** Task input follows **

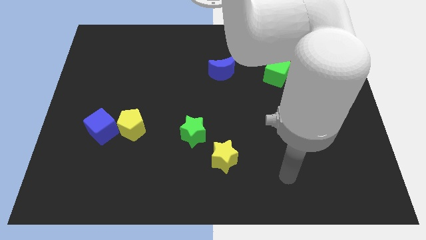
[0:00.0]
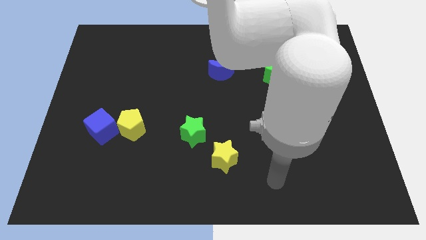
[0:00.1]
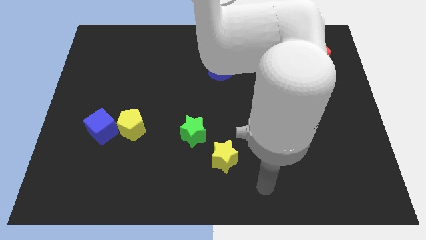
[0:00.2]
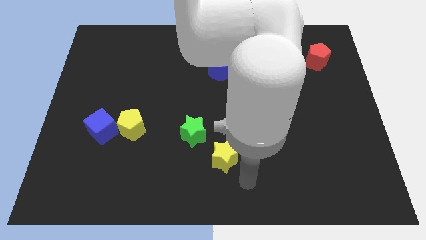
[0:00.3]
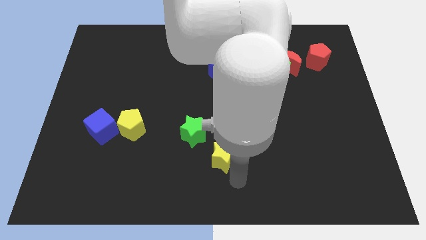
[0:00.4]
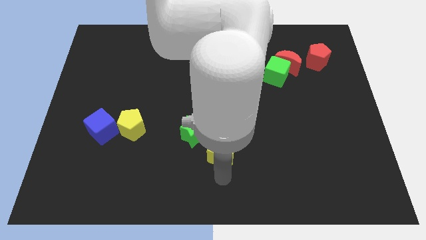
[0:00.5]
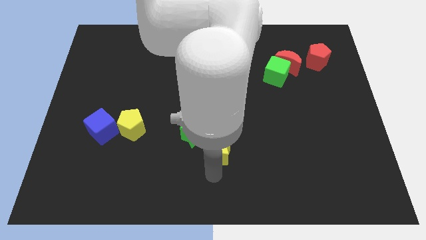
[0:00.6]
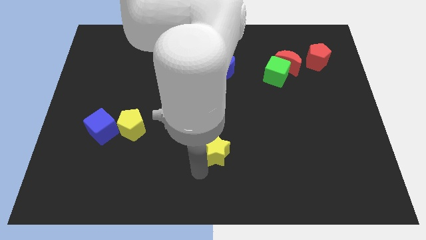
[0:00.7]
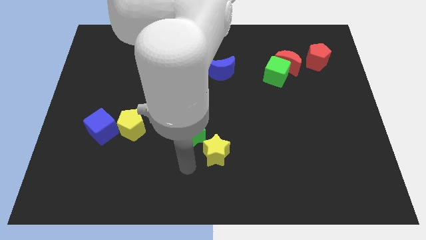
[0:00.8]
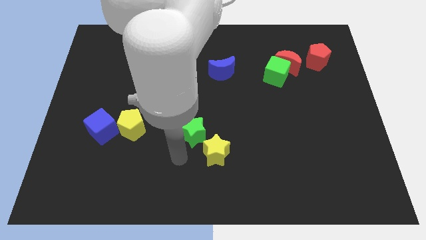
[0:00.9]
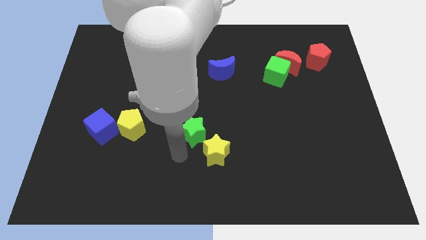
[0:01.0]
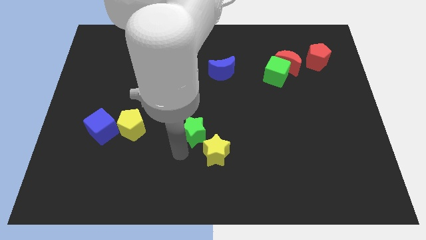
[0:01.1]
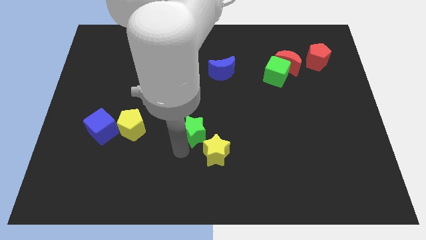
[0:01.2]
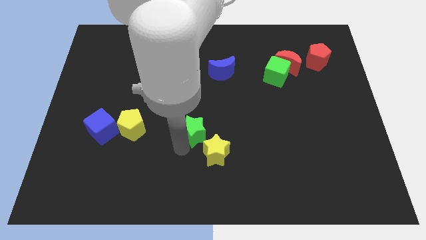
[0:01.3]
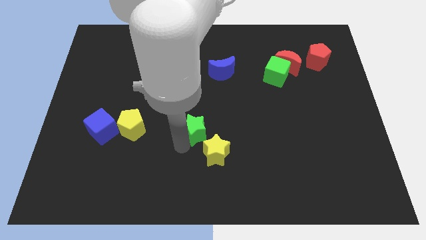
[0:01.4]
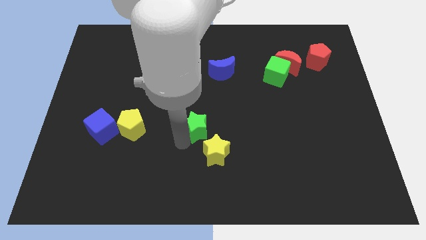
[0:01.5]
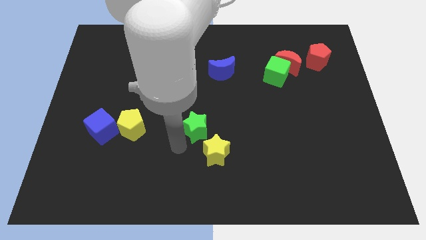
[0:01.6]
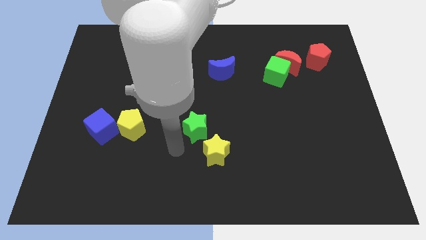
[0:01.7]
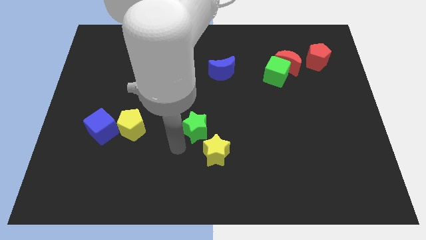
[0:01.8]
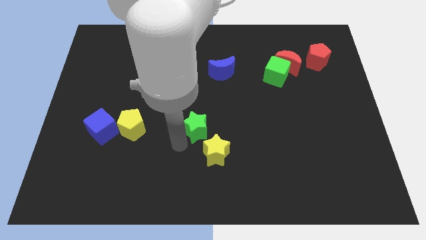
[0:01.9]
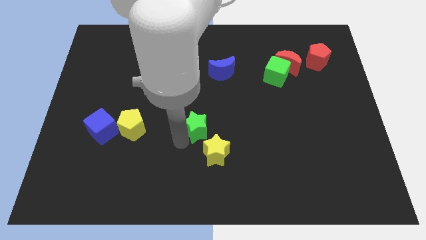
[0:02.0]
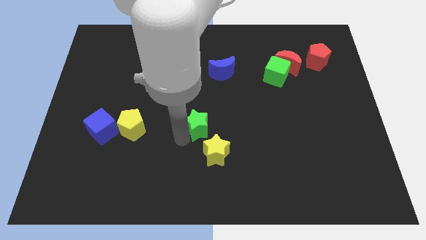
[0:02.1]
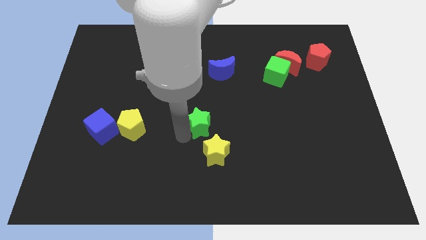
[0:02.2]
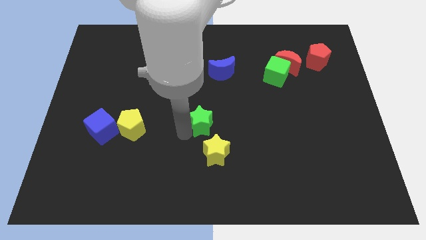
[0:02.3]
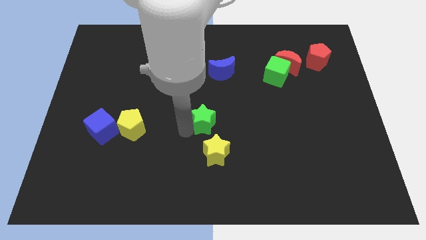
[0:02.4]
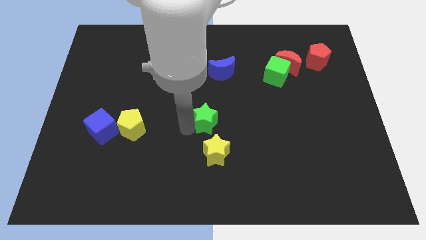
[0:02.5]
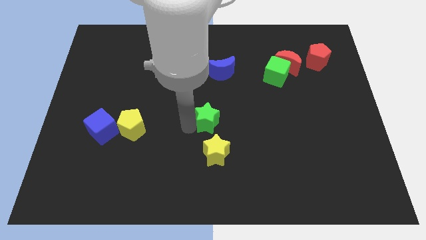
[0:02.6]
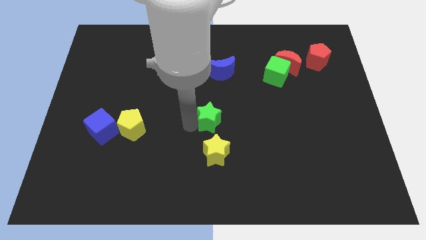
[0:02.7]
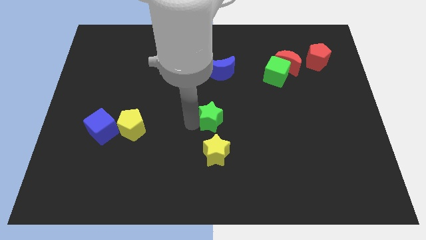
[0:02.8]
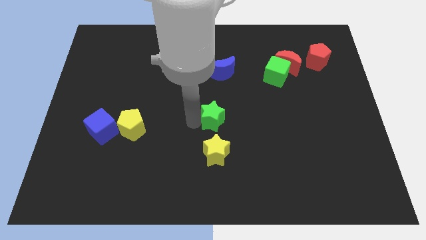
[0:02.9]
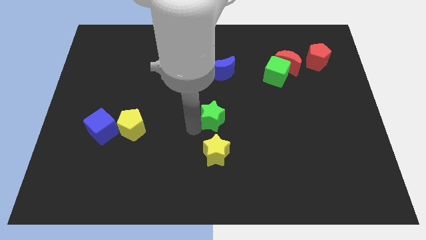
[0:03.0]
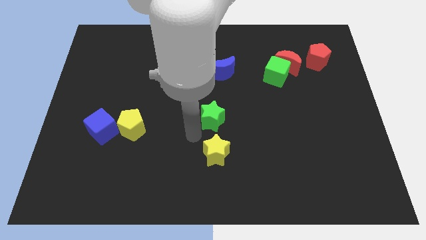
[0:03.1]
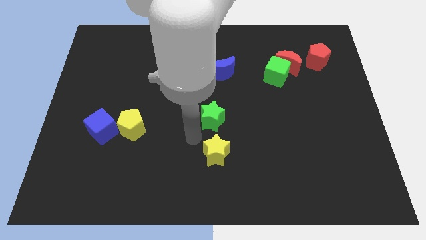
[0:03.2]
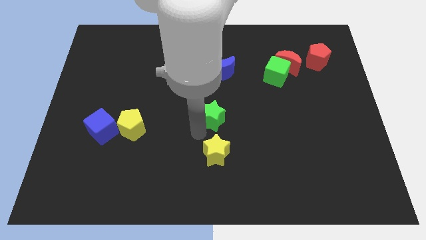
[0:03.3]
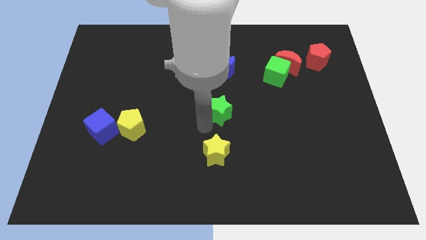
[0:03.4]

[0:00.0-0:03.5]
slightly slide the green star up and right

** End of Task input **

__Task requirements__.
The output is the records exactly as they read, with no pictures in it.

__Solution to this problem__.
[0:00.0]
[0:00.1]
[0:00.2]
[0:00.3]
[0:00.4]
[0:00.5]
[0:00.6]
[0:00.7]
[0:00.8]
[0:00.9]
[0:01.0]
[0:01.1]
[0:01.2]
[0:01.3]
[0:01.4]
[0:01.5]
[0:01.6]
[0:01.7]
[0:01.8]
[0:01.9]
[0:02.0]
[0:02.1]
[0:02.2]
[0:02.3]
[0:02.4]
[0:02.5]
[0:02.6]
[0:02.7]
[0:02.8]
[0:02.9]
[0:03.0]
[0:03.1]
[0:03.2]
[0:03.3]
[0:03.4]

[0:00.0-0:03.5]
slightly slide the green star up and right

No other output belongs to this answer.